Source records
··········

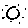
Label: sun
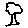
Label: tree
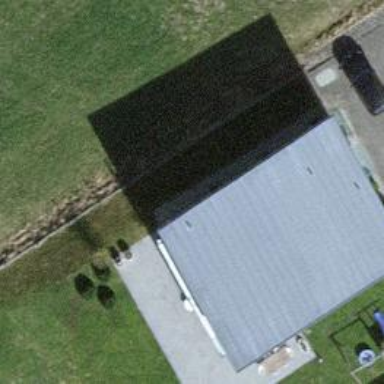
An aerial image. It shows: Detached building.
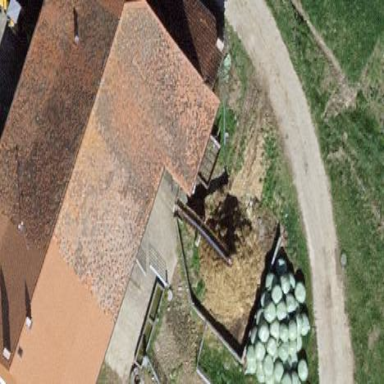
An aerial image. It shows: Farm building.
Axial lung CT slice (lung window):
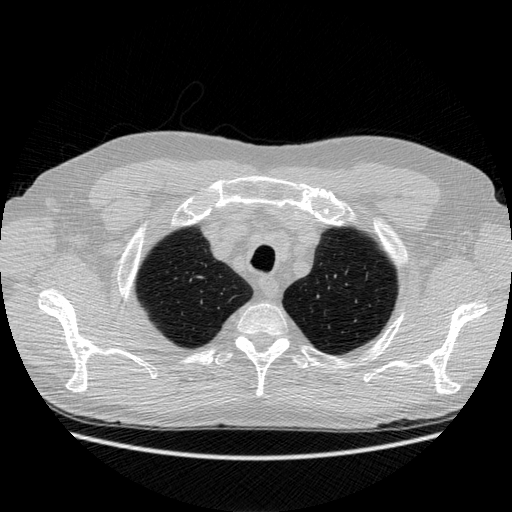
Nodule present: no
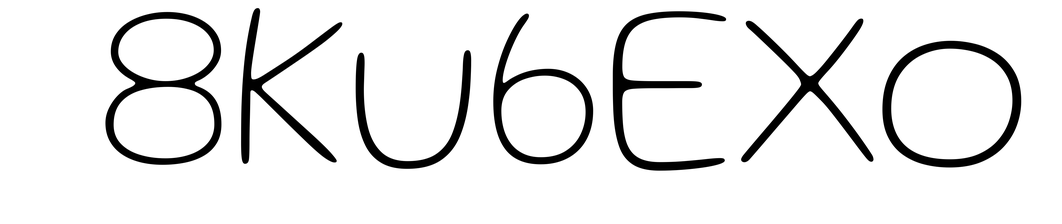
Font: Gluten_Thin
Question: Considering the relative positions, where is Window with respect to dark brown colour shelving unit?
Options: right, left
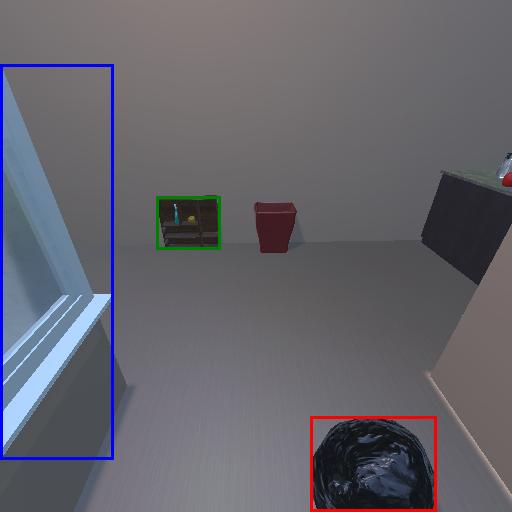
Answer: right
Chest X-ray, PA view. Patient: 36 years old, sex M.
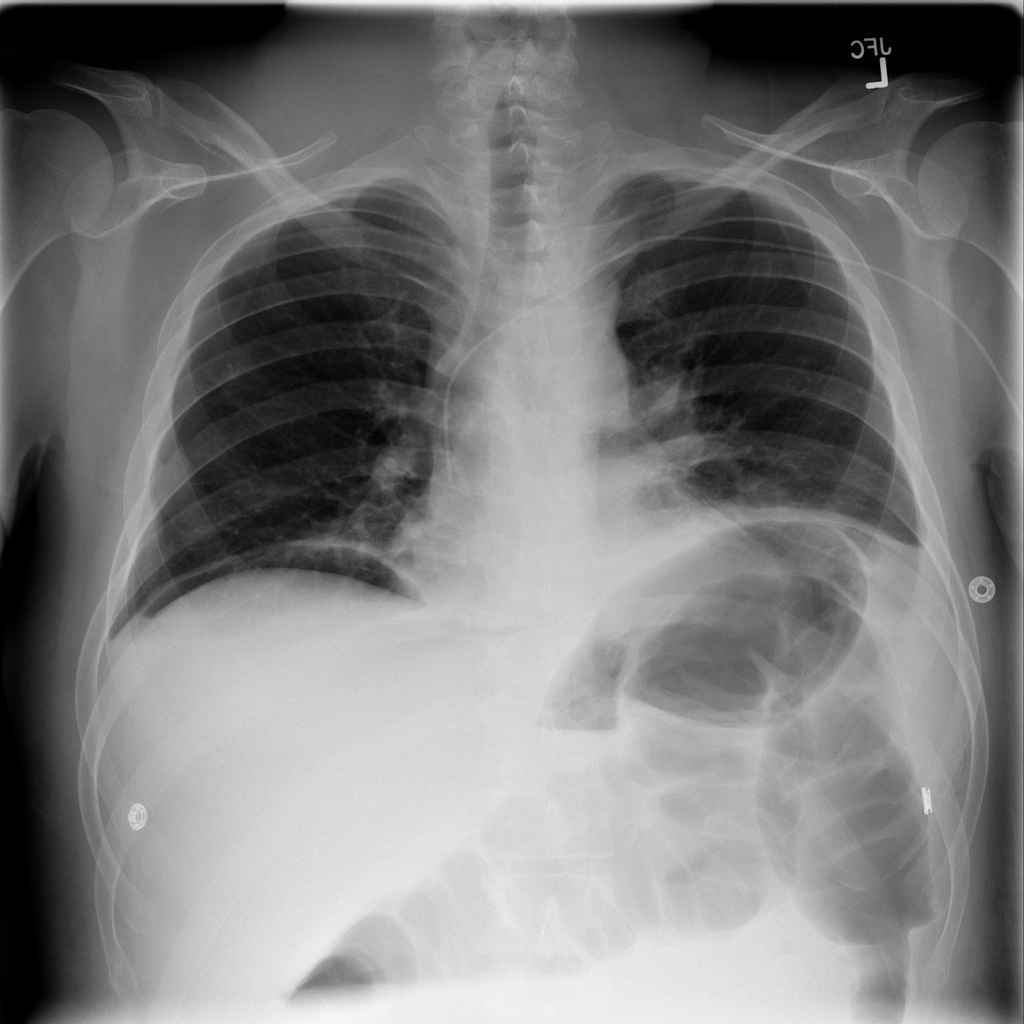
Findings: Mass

··········

TASK DIRECTIONS: Filter the entries above and return only the lines holding "building".

REPLY:
An aerial image. It shows: Detached building.
An aerial image. It shows: Farm building.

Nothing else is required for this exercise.